Business outlook: budgets, ratings, and the sleeper hunt
Budgets remain in the efficient band. Most of the films above will sit beneath the $40–$50 million band, with many far below. That allows for aggressive PLF bookings without needing superhero-level volume to break even. The most likely R ratings include Evil Dead Burn, Werwulf, and possibly Resident Evil depending on the final cut. Scream 7, Insidious, and SOULM8TE can plausibly land PG-13 to maximize reach, though each franchise has toggled between ratings in the past. Specialty plays tend to lean R to preserve tone and intensity.
The underdog chase continues in Q1, where lean-budget genre can own weekends with minimal competition, and again in late summer, where horror often becomes the conversation when tentpoles tire. The 2026 slate is set up to press those advantages. January could easily deliver the first dark-horse hit of the year, and August into September gives Sony an avenue to hold screens with back-to-back supernatural IP while still leaving room for an indie breakout.
Internationally, brand recognition helps Resident Evil, Evil Dead, and Scream travel, while 28 Years Later benefits from a British setting and returning talent. Werwulf and The Mummy will lean on auteur and classic-monster awareness abroad. Streamers will amplify the tail, with copyright pickups boosting Universal’s slate and Shudder driving evangelism for Cineverse titles. Plan on a solid PVOD window generally, since horror fans have shown a willingness to pay for convenience after an opening weekend, especially when word of mouth is strong.
How the year flows for audiences
From a moviegoer’s perspective, the 2026 horror year offers flow and breadth. January is a array, February delivers a legacy slasher, April revives a Universal monster, May and June provide a ghostly double-hit for date nights and group outings, July leans brutal, August and September keep the supernatural momentum, October turns into a Jordan Peele event, and December invites a chilly, literate nightmare. That is how you maintain buzz and butts in seats without cannibalizing your own titles.
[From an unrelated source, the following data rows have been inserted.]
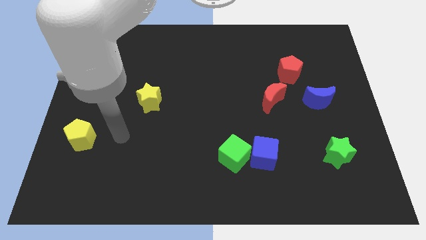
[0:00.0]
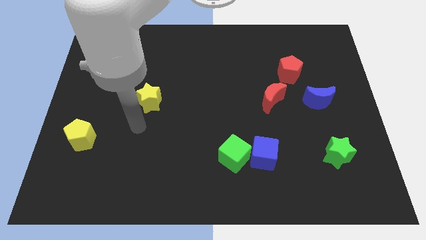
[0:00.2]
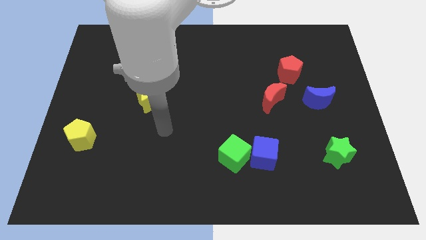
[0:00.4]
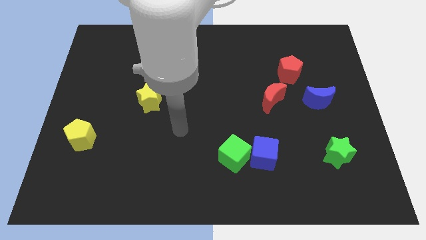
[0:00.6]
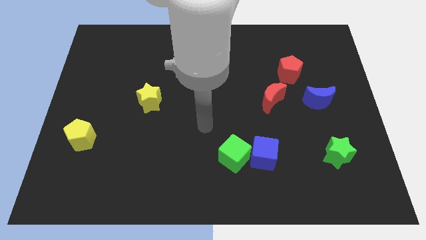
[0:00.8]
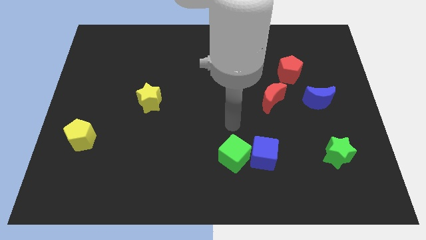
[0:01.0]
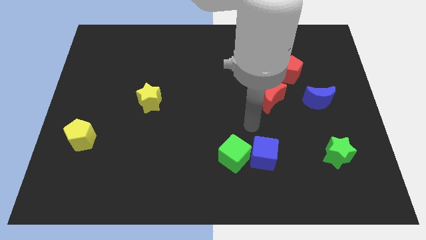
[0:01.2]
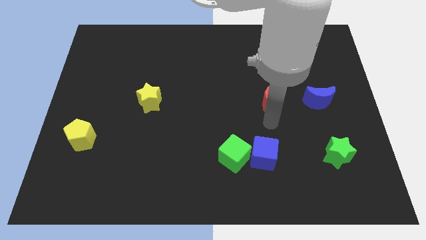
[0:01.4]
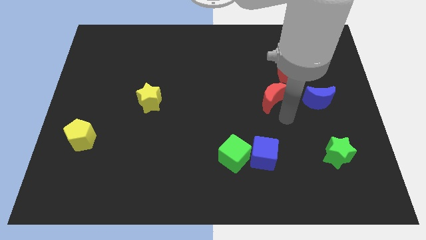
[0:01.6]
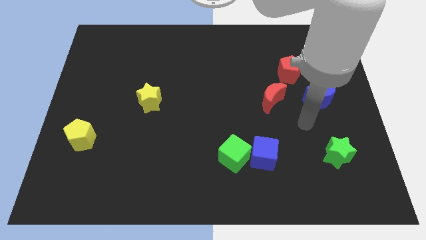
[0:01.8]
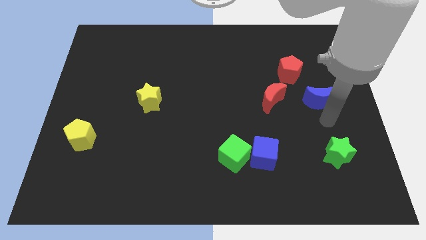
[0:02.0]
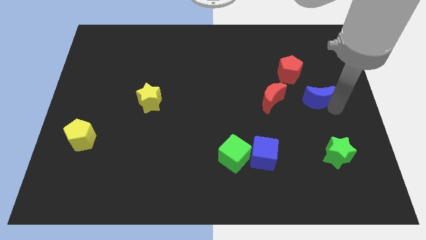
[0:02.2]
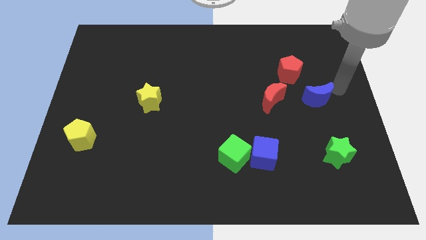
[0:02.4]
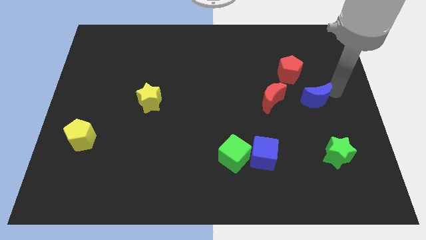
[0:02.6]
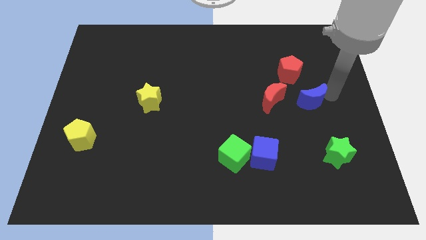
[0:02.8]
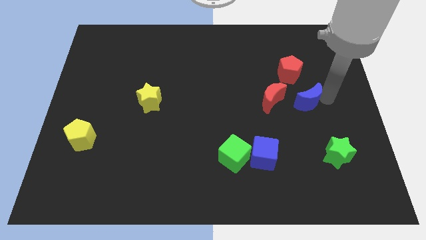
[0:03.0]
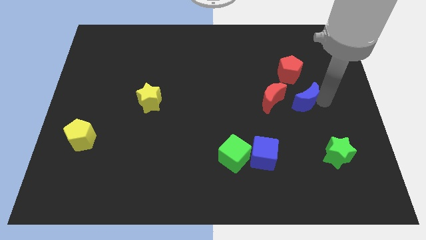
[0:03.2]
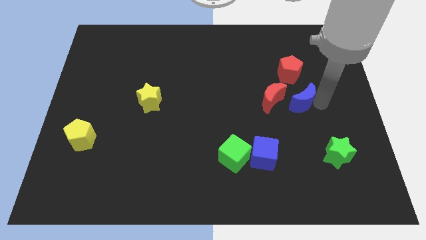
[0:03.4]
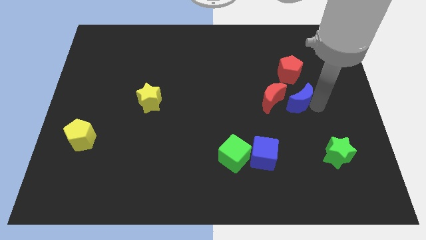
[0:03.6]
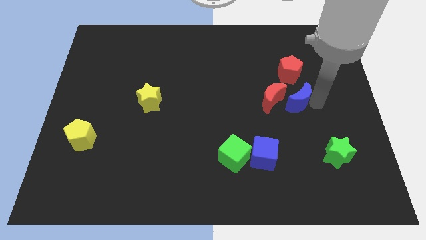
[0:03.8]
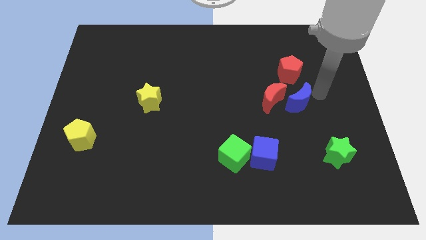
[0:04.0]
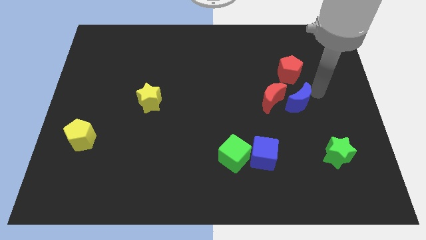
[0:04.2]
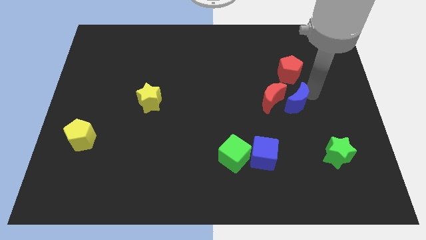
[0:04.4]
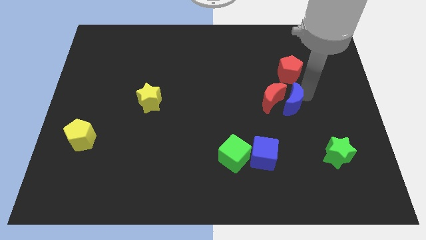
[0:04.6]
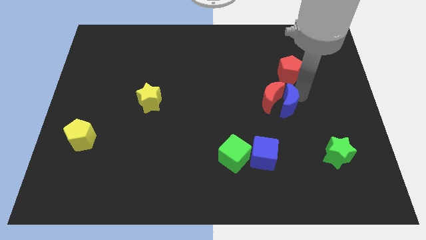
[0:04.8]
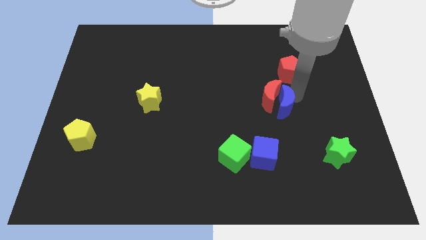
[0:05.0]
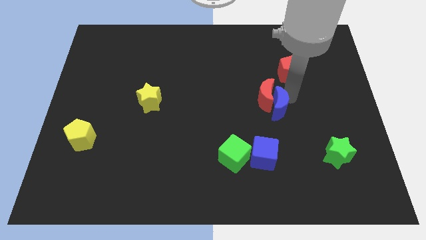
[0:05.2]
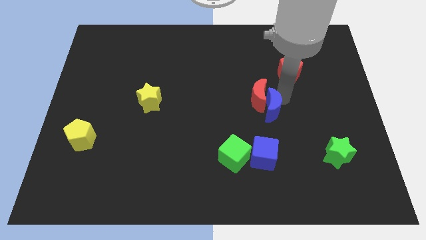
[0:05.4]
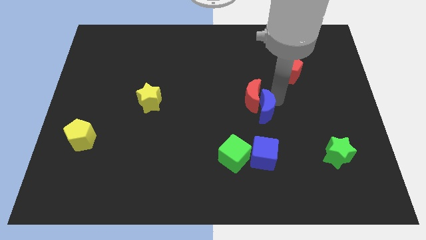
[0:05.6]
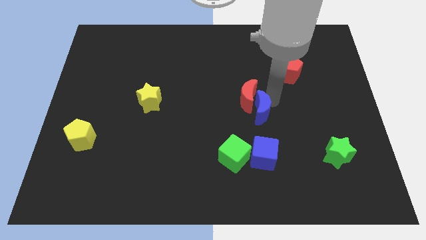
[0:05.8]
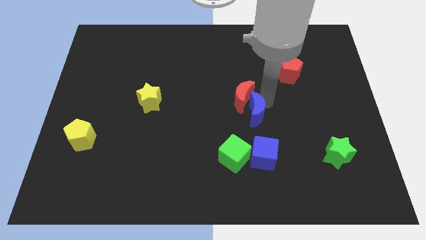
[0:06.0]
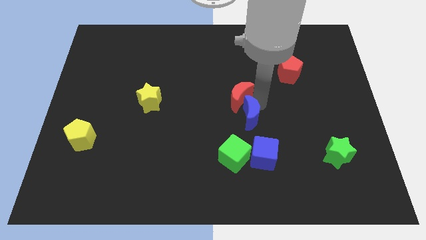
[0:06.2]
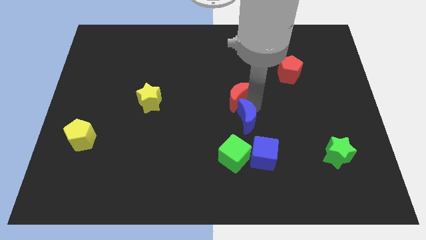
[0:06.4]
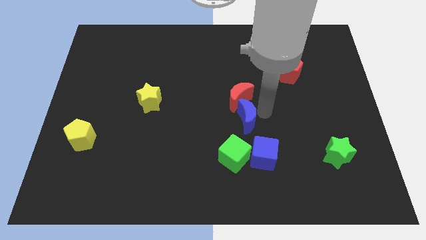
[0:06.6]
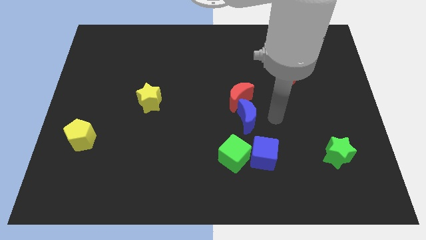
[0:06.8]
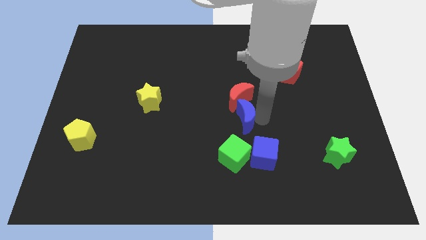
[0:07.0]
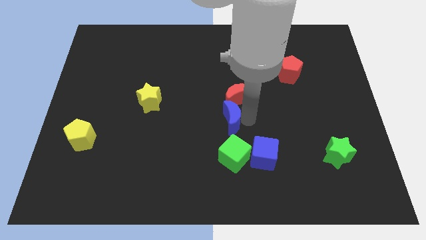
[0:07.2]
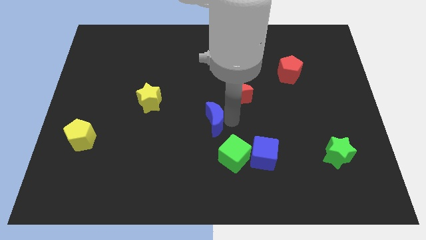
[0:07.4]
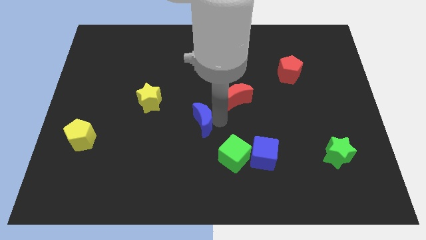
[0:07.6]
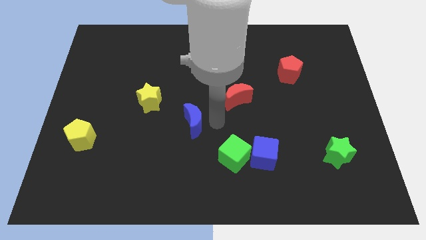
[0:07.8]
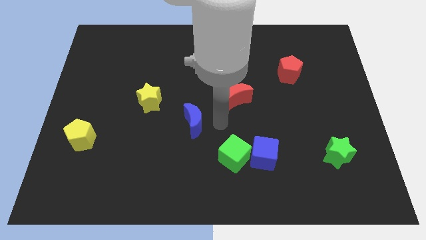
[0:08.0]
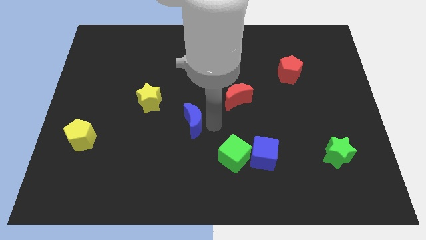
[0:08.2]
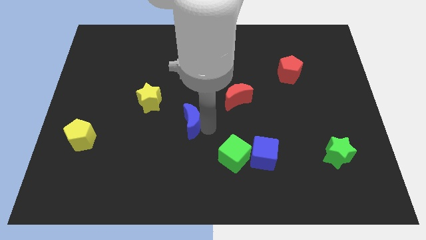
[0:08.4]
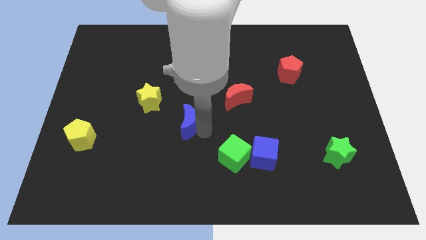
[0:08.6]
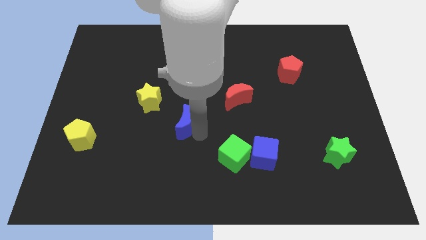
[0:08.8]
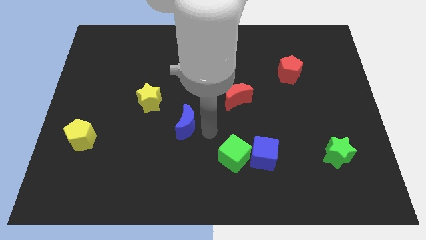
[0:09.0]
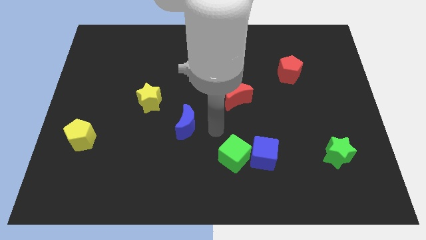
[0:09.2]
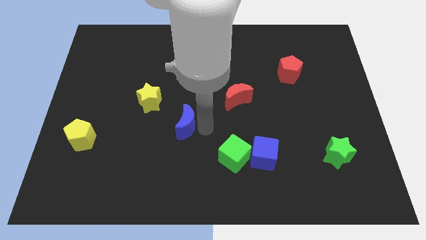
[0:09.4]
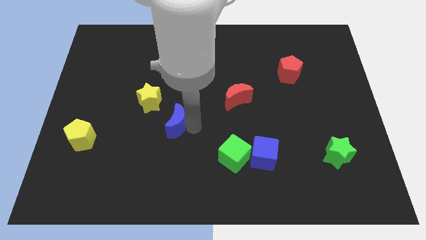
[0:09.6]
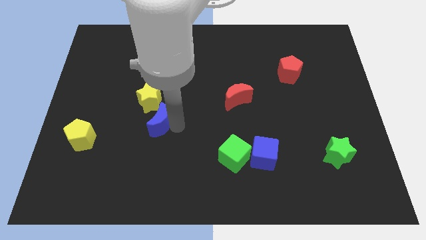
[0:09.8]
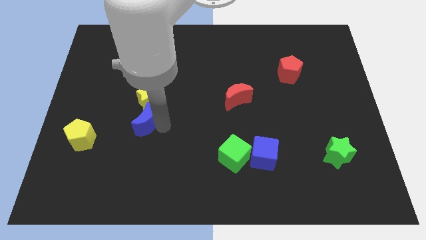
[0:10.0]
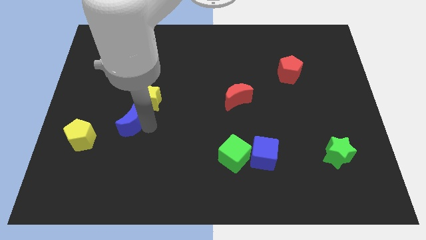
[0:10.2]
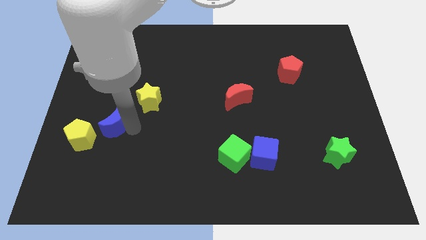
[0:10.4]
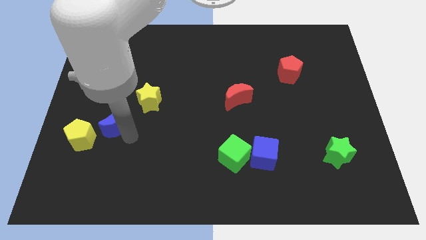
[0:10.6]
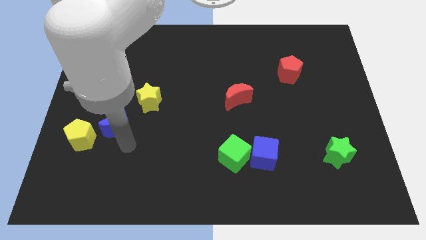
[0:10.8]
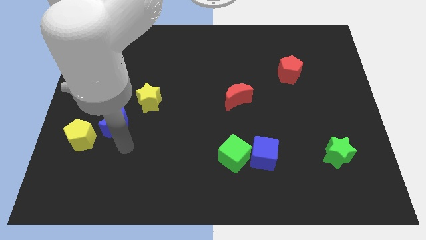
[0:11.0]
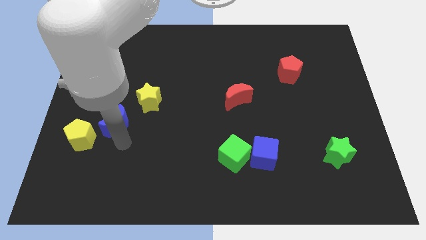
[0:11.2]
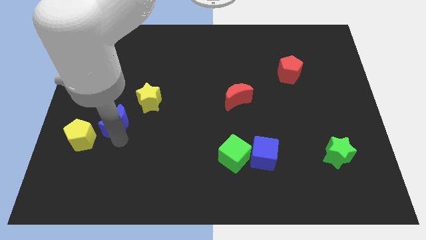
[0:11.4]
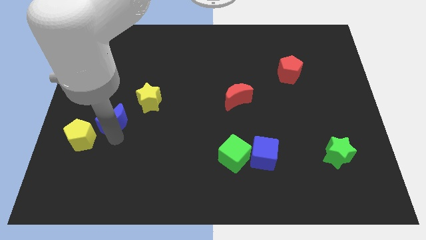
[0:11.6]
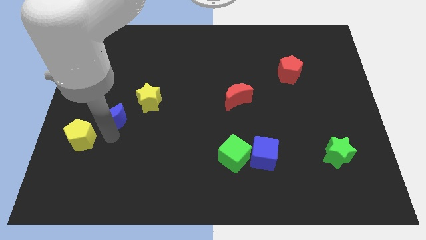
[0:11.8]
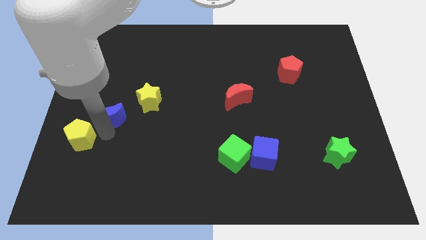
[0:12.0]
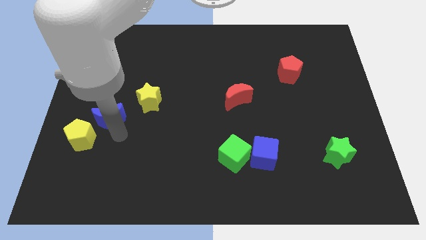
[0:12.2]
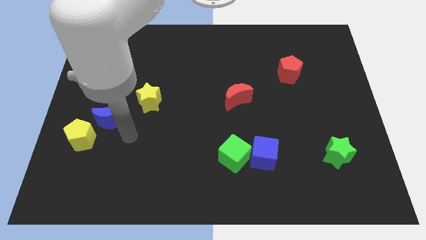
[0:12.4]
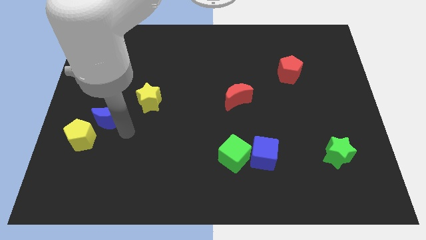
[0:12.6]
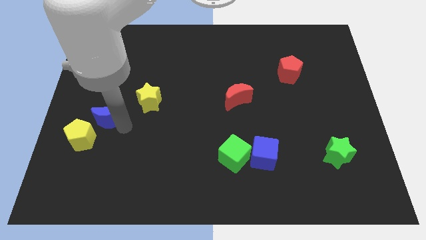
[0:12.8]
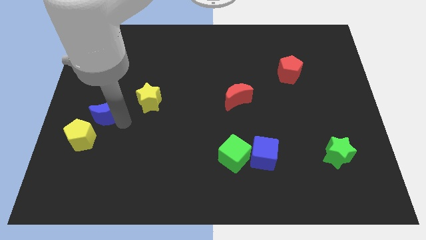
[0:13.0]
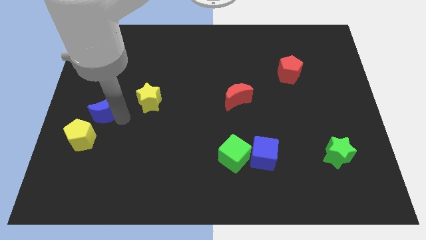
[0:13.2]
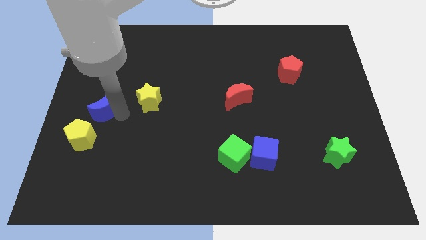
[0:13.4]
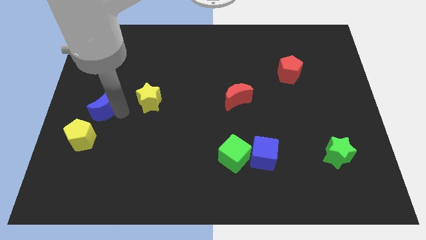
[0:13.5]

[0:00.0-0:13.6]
put the blue moon to the left side of the board

The pattern also supports social campaigns that can compound over time, using earlier releases to prep the audience for bigger plays in the fall.
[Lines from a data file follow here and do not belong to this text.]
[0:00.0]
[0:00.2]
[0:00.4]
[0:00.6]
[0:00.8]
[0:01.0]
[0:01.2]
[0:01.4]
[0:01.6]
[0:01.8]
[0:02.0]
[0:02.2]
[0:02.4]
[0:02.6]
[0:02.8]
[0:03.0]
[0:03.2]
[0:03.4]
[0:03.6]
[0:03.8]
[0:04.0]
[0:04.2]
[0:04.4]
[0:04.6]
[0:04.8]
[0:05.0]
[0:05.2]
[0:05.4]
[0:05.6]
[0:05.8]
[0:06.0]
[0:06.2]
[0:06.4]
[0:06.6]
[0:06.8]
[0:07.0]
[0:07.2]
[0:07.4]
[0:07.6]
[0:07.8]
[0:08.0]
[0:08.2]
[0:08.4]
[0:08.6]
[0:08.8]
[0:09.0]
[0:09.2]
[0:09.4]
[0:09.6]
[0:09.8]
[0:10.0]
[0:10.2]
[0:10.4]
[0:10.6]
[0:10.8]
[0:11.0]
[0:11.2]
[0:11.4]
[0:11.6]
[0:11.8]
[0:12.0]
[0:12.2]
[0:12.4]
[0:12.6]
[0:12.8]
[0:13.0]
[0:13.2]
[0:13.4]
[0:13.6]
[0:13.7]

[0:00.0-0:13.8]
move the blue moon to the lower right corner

Exhibitors appreciate the spacing. Horror delivers steady Thursday pops, right-sized allotments, and strong PLF uptake when the creative supports it. The 2026 slate has at least three titles that can deserve premium formats, with The Mummy, Evil Dead Burn, and Werwulf all showcasing grain, sound, and visual design that benefit from larger formats. The calendar also leaves room for specialty platformers to open in New York and Los Angeles, build reviews, and slide into national conversation as the fall progresses.
2026, Lined Up To Scare
Windows change. Ratings change. Casts evolve. But the spine of 2026 horror is in place. There is brand heft where it matters, inventive vision where it helps, and a calendar that shows studios get how and when audiences want scares. The awards and festival pipeline into 2027 will come into focus once the fall festivals lock, and it would not be surprising to see at least one near-deadline boutique buy join the party. For now, the job is simple, craft precise trailers, keep the curtain closed, and let the shocks sell the seats.